Output the material exactly, line by line.

•••

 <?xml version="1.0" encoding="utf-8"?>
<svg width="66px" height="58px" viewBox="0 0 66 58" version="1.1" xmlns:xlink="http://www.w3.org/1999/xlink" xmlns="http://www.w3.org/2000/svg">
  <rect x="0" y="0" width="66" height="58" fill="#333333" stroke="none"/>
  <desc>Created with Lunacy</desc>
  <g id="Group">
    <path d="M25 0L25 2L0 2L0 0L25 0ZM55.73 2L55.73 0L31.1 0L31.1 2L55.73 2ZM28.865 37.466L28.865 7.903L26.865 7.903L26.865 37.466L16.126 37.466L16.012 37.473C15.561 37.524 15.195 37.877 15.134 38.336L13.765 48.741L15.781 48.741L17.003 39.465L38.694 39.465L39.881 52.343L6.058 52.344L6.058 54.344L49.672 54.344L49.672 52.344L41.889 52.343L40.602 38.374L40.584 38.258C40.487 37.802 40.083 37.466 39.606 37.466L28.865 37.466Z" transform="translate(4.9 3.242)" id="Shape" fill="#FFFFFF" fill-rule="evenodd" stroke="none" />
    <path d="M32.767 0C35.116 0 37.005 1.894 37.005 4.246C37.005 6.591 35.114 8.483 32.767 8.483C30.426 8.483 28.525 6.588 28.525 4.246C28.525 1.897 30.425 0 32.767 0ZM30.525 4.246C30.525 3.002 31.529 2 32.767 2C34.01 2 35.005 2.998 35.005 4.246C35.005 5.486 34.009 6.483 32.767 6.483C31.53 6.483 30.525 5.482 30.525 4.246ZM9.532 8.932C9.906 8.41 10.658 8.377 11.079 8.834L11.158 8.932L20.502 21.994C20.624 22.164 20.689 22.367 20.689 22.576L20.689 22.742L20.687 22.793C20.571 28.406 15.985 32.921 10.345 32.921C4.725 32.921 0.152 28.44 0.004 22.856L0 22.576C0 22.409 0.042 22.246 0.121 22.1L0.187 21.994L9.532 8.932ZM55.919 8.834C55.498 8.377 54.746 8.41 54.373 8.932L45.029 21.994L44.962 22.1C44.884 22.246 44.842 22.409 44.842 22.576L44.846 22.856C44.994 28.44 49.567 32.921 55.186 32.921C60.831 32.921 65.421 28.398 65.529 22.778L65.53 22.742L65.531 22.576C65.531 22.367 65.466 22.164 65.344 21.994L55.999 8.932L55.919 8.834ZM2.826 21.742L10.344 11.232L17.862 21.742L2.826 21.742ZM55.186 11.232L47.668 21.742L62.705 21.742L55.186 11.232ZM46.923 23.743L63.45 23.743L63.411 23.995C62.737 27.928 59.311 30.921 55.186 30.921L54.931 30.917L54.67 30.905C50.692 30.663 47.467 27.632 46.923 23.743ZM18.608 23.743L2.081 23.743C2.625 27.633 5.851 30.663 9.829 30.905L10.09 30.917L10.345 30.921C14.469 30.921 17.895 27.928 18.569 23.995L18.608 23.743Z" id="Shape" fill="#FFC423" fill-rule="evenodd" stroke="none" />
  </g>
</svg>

•••

- Solution to this exercise
 <?xml version="1.0" encoding="utf-8"?>
<svg width="66px" height="58px" viewBox="0 0 66 58" version="1.1" xmlns:xlink="http://www.w3.org/1999/xlink" xmlns="http://www.w3.org/2000/svg">
  <rect x="0" y="0" width="66" height="58" fill="#333333" stroke="none"/>
  <desc>Created with Lunacy</desc>
  <g id="Group">
    <path d="M25 0L25 2L0 2L0 0L25 0ZM55.73 2L55.73 0L31.1 0L31.1 2L55.73 2ZM28.865 37.466L28.865 7.903L26.865 7.903L26.865 37.466L16.126 37.466L16.012 37.473C15.561 37.524 15.195 37.877 15.134 38.336L13.765 48.741L15.781 48.741L17.003 39.465L38.694 39.465L39.881 52.343L6.058 52.344L6.058 54.344L49.672 54.344L49.672 52.344L41.889 52.343L40.602 38.374L40.584 38.258C40.487 37.802 40.083 37.466 39.606 37.466L28.865 37.466Z" transform="translate(4.9 3.242)" id="Shape" fill="#FFFFFF" fill-rule="evenodd" stroke="none" />
    <path d="M32.767 0C35.116 0 37.005 1.894 37.005 4.246C37.005 6.591 35.114 8.483 32.767 8.483C30.426 8.483 28.525 6.588 28.525 4.246C28.525 1.897 30.425 0 32.767 0ZM30.525 4.246C30.525 3.002 31.529 2 32.767 2C34.01 2 35.005 2.998 35.005 4.246C35.005 5.486 34.009 6.483 32.767 6.483C31.53 6.483 30.525 5.482 30.525 4.246ZM9.532 8.932C9.906 8.41 10.658 8.377 11.079 8.834L11.158 8.932L20.502 21.994C20.624 22.164 20.689 22.367 20.689 22.576L20.689 22.742L20.687 22.793C20.571 28.406 15.985 32.921 10.345 32.921C4.725 32.921 0.152 28.44 0.004 22.856L0 22.576C0 22.409 0.042 22.246 0.121 22.1L0.187 21.994L9.532 8.932ZM55.919 8.834C55.498 8.377 54.746 8.41 54.373 8.932L45.029 21.994L44.962 22.1C44.884 22.246 44.842 22.409 44.842 22.576L44.846 22.856C44.994 28.44 49.567 32.921 55.186 32.921C60.831 32.921 65.421 28.398 65.529 22.778L65.53 22.742L65.531 22.576C65.531 22.367 65.466 22.164 65.344 21.994L55.999 8.932L55.919 8.834ZM2.826 21.742L10.344 11.232L17.862 21.742L2.826 21.742ZM55.186 11.232L47.668 21.742L62.705 21.742L55.186 11.232ZM46.923 23.743L63.45 23.743L63.411 23.995C62.737 27.928 59.311 30.921 55.186 30.921L54.931 30.917L54.67 30.905C50.692 30.663 47.467 27.632 46.923 23.743ZM18.608 23.743L2.081 23.743C2.625 27.633 5.851 30.663 9.829 30.905L10.09 30.917L10.345 30.921C14.469 30.921 17.895 27.928 18.569 23.995L18.608 23.743Z" id="Shape" fill="#FFC423" fill-rule="evenodd" stroke="none" />
  </g>
</svg>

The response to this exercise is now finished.